Typically, the first spectral band and the second spectral band have a first bandwidth and a second bandwidth, respectively, the first bandwidth and the second bandwidth being of about 25 nm to about 100 nm. In a very specific embodiment of the invention, it was found that having the first bandwidth and the second bandwidth each of about 50 nm produced useful results.

It was found that unexpectedly, the fluorescence spectrum of di-4-ANEPPDHQ is characterizable as containing a number of spectral peaks, and not only arbitrary bands of fluorescence, which provides additional information useful for characterizing the cell membrane order. In a specific example of the invention, these peaks are used to divide the fluorescence spectrum in five spectral bands centered respectively on a respective central wavelength of about 530 nm, about 560 nm, about 585 nm, about 615, nm and about 645 nm and having respective bandwidths of about 30 nm, about 30 nm, about 20 nm, about 30 nm and about 30 nm, the fluorescence spectrum defining also a sixth spectral band including wavelengths longer or equal than about 660 nm, the five spectral bands and the sixth spectral band defining together six spectral bands. In these embodiments, computing the spectral signature includes computing a respective intensity of the fluorescence spectrum in at least three of the six spectral bands.

Computing the intensity in more than 2 spectral bands is not only indicative of a quantitative character of cell membrane order, but also indicative of a qualitative character of cell membrane order. Indeed, it was observed that the various spectral bands described hereinabove can vary relatively to each other in many different manners. Some modifications to the cell membrane order affect some of the spectral bands and other modifications to the cell membrane order affect other spectral bands.
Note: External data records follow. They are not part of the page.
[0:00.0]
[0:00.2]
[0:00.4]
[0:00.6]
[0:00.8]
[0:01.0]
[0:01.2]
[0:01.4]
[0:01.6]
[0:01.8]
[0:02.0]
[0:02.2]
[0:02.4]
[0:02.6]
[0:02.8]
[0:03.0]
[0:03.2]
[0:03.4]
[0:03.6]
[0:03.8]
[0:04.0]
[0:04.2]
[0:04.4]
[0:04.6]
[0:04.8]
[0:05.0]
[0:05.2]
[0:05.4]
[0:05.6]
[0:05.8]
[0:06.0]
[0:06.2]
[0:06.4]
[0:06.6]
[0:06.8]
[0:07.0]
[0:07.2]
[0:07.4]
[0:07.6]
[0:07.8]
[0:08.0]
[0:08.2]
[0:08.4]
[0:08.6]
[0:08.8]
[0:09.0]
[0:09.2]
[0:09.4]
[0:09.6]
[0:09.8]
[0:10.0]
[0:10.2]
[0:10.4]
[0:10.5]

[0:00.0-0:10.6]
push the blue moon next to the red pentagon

In a variant, computing the spectral signature includes computing a ratio between two of the respective intensities of the fluorescence spectrum in the at least three of the six spectral bands.

For example, computing the spectral signature includes computing a respective intensity of the fluorescence spectrum in all of the six spectral bands and computing the spectral signature includes computing pairwise ratios between respective intensities of the fluorescence spectrum in the six spectral bands, for instance by computing all pairwise ratios between respective intensities of the fluorescence spectrum in the six spectral bands.
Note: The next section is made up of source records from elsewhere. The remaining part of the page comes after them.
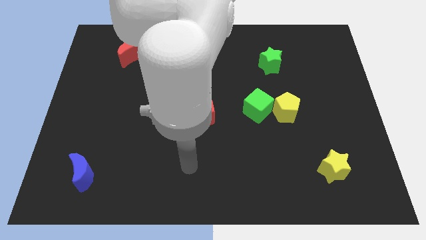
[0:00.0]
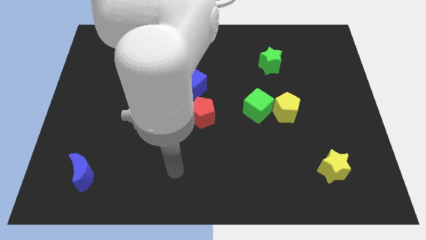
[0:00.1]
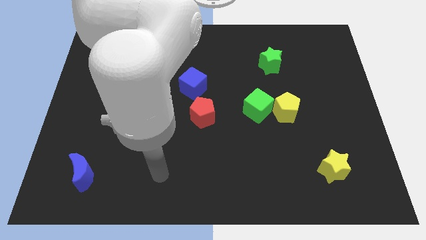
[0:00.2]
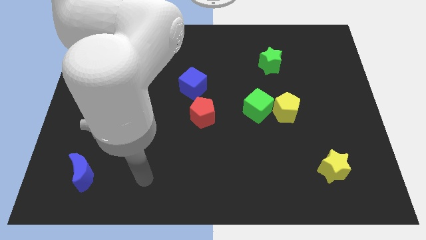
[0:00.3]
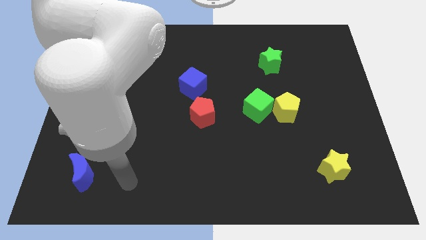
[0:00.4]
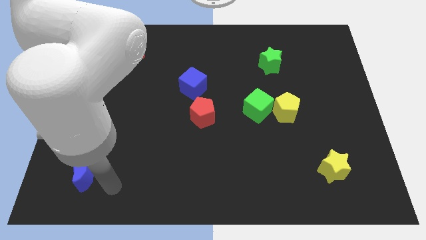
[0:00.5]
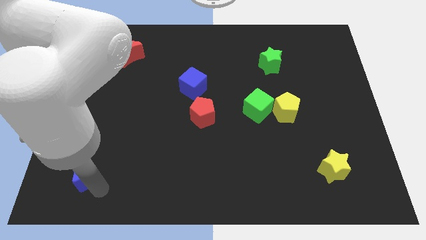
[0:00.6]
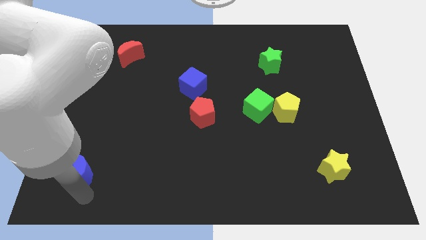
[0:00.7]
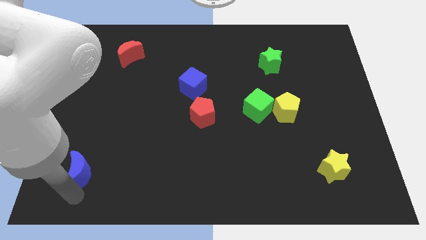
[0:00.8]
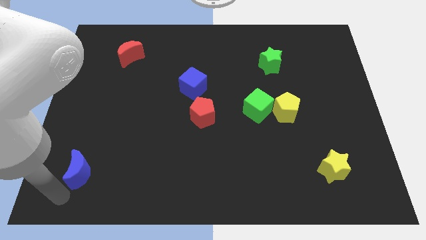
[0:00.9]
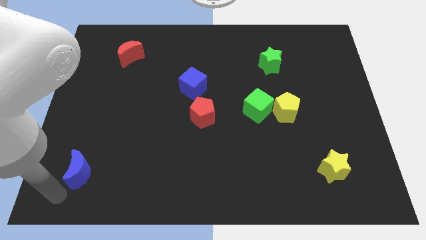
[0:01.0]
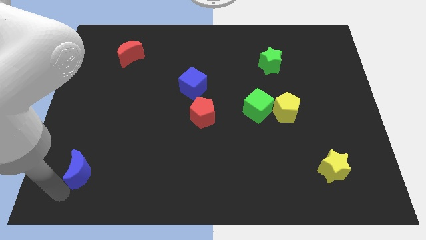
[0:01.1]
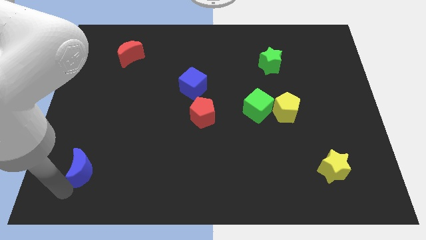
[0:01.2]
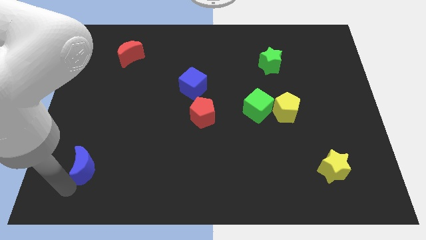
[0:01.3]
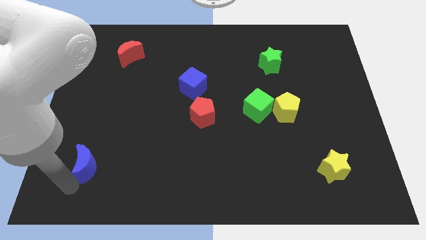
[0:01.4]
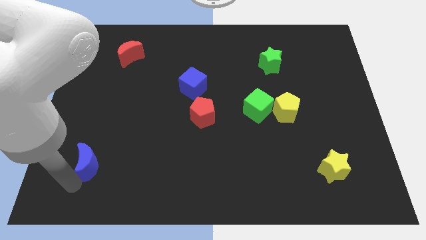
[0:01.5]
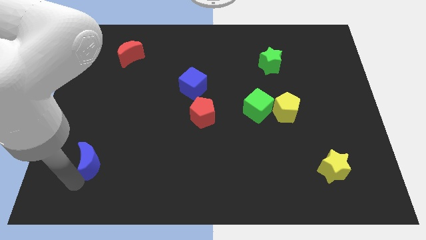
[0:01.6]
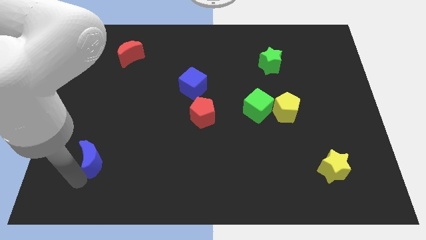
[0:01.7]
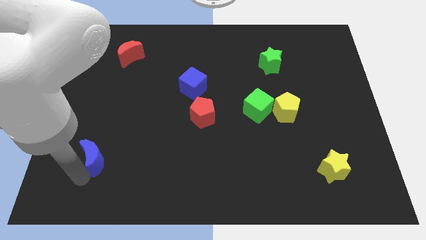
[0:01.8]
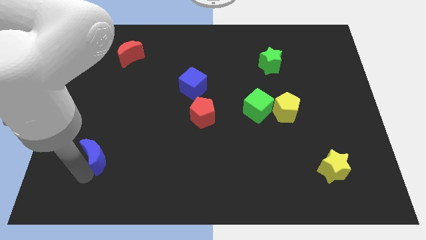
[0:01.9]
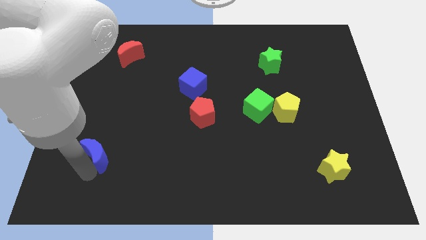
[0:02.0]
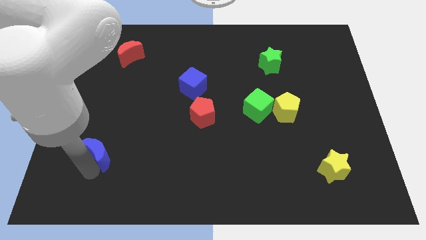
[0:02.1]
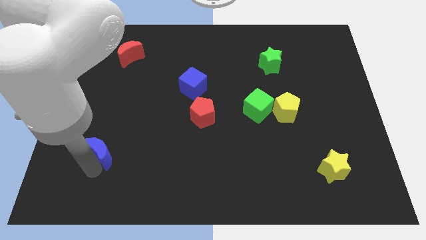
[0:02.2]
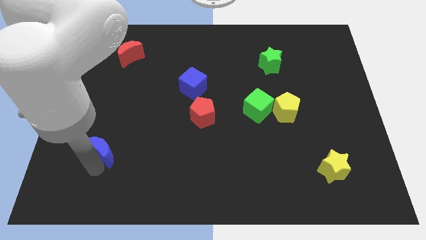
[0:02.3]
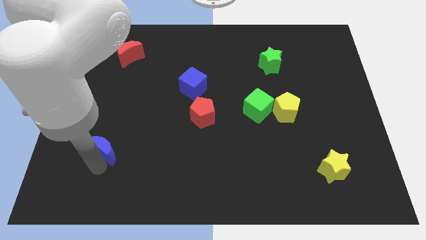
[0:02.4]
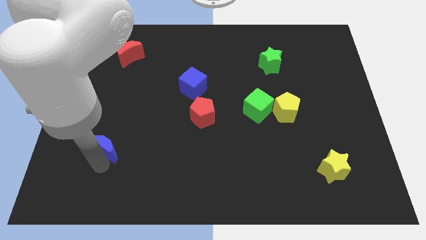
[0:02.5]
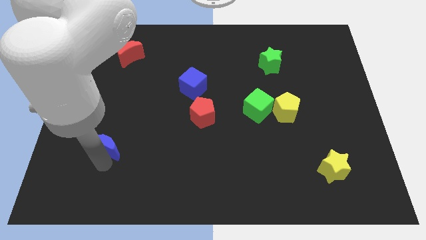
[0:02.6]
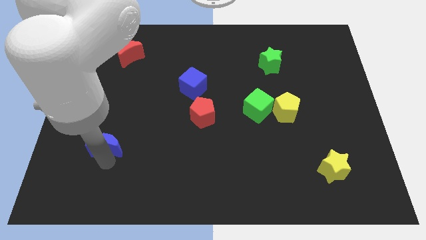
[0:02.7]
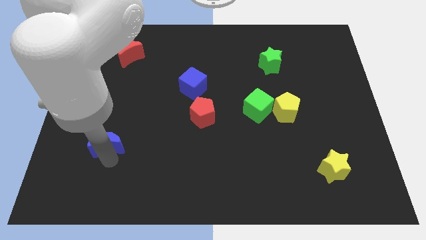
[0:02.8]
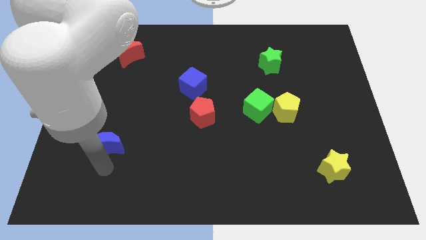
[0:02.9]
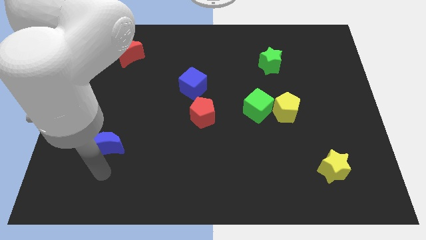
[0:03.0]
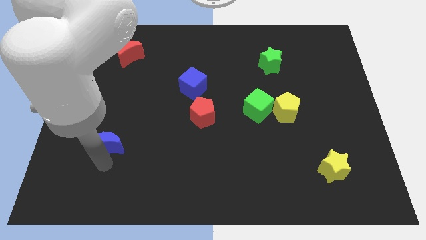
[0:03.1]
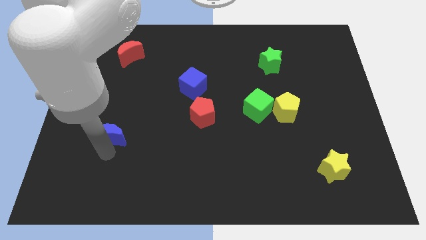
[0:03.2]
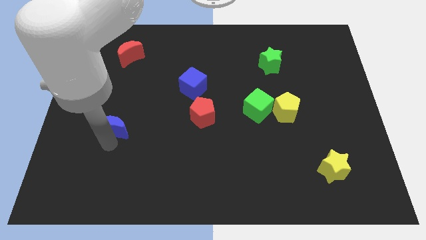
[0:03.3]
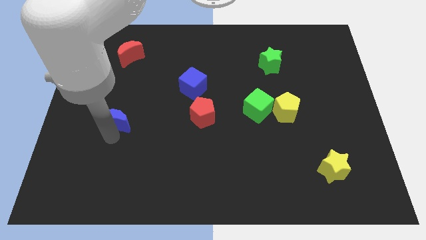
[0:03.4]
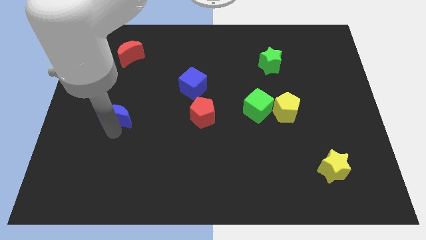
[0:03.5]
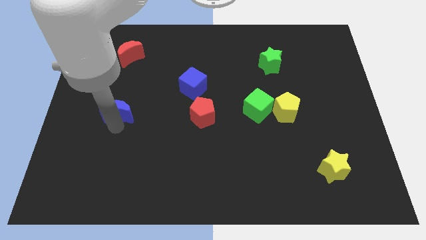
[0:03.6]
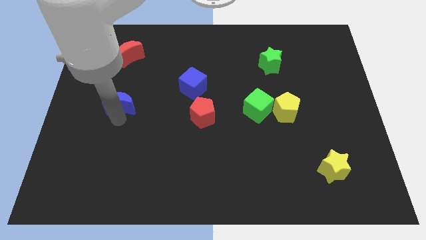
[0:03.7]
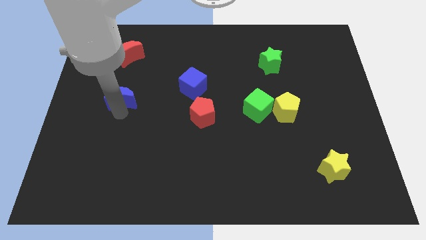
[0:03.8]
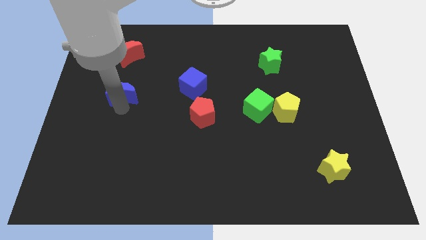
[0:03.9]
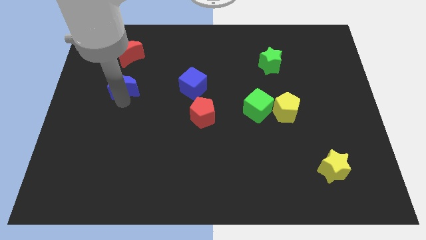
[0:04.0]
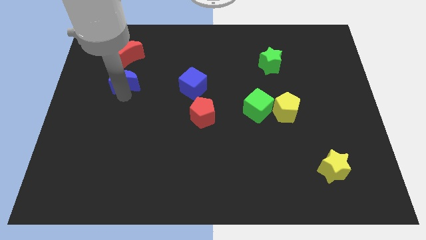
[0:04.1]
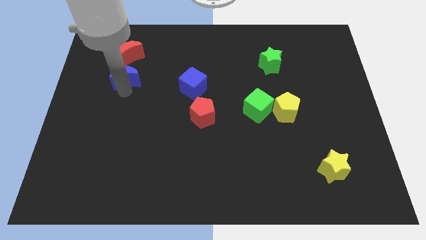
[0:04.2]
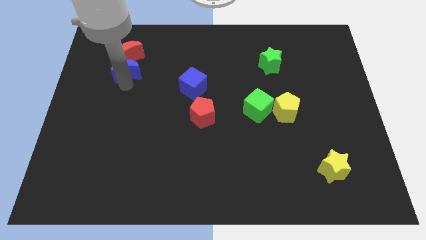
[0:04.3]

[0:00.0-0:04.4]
push the blue moon close to the red moon

The terminology intensity relates to any measure of fluorescence energy. Examples of such measures include, non-limitatively, a mean fluorescence intensity in a spectral band, a total fluorescence energy in a spectral band, and a median fluorescence intensity in a spectral band.

In another embodiment of the invention, computing the spectral signature including deconvoluting the fluorescence spectrum to obtain a set of spectral peaks and parameterizing the set of spectral peaks.

In some embodiments of the invention, staining the cell with di-4-ANEPPDHQ to produce the stained cell includes suspending the cell in a suspension solution; and mixing the suspension solution with the cell contained therein with the di-4-ANEPPDHQ to obtain a staining solution.

For example, the di-4-ANEPPDHQ has a concentration of about 0.025 μM to about 100 μM in the staining solution, and in some advantageous specific examples, the di-4-ANEPPDHQ has a concentration of about 1 μM to about 50 μM in the staining solution.

In some embodiments of the invention, staining the cell with di-4-ANEPPDHQ to produce the stained cell further includes incubating the staining solution.

For example, incubating the staining solution includes incubating the staining solution at a temperature of about 4 C to about 60 C for a duration of about 1 minute to about 600 minutes, and in an advantageous specific example, incubating the staining solution includes incubating the staining solution at a temperature of about 4 C to about 40 C for about 5 minutes to about 60 minutes.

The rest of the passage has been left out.